Agaricus benesii is an agaric mushroom of the genus Agaricus known in English as the 	mull mushroom. This mushroom can be distinguished by a white cap that bruises pinkish-red when injured, a scaly lower stipe, and a conifer habitat. Similar to Agaricus californicus and A. xanthodermus, the cap discolors brown in age. A distinguishing feature of A. californicus and A. xanthodermus, however, is a thickened annulus at the margin, a phenolic odor, and a yellowing bruise, instead of red.
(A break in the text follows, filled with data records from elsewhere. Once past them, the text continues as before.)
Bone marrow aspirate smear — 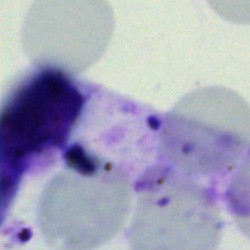 Morphological class: artifact.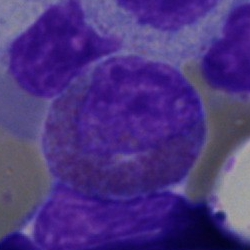 Q: What is the morphological classification of this cell?
A: Eosinophilic granulocyte.
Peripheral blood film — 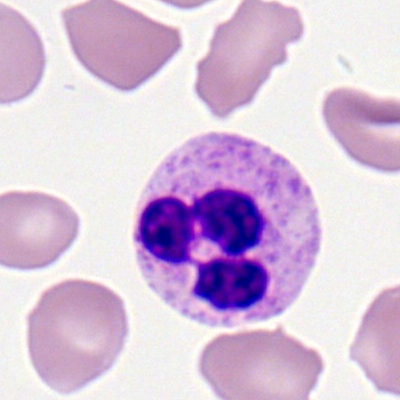
A segmented neutrophil.

In the case of Agaricus xanthodermus, it occurs quickly, though faintly to not at all in the case of A. californicus. Another similar species, Agaricus bernardii, also stains red and has white flesh, but differentiates on its larger bulk, a sheathing veil, briny odor, and different habitat, namely grass.

==Description==
The cap is 4–8 cm broad; it has a convex shape which, in age, becomes flat. The flesh is white, moderately thick, and firm. The odor is pungent, even though the mushroom has a mild taste. When injured, it turns a pinkish-red. The surface is white, dry, and innately fibrillose. At the margin, it is finely scaled, though it discolors into a brownish shade in age.

The stem is 5–11 cm tall and 1–2 cm thick. The stem extends to the enlarged base. At maturity, the stem is stuffed. The surface is white, and turns smooth at the apex, while it is finely scaled below. The partial veil is white, membranous, and two layered. The upper surface is striate, while the lower surface is composed of scaly patches, forming a small, superior annulus. The flesh is white, though it stains red quickly when injured.

The gills are initially unattached to the stem, packed close together, and are pinkish-brown; in age they become blackish-brown.
Spores are 5–6 by 3–4 μm, smooth, and elliptical. The spore print is a blackish-brown color.

==Habitat==
Found under Monterey Cypress and pines, Agaricus benesii are often in small groups or by themselves. In addition, they fruit from mid to late winter.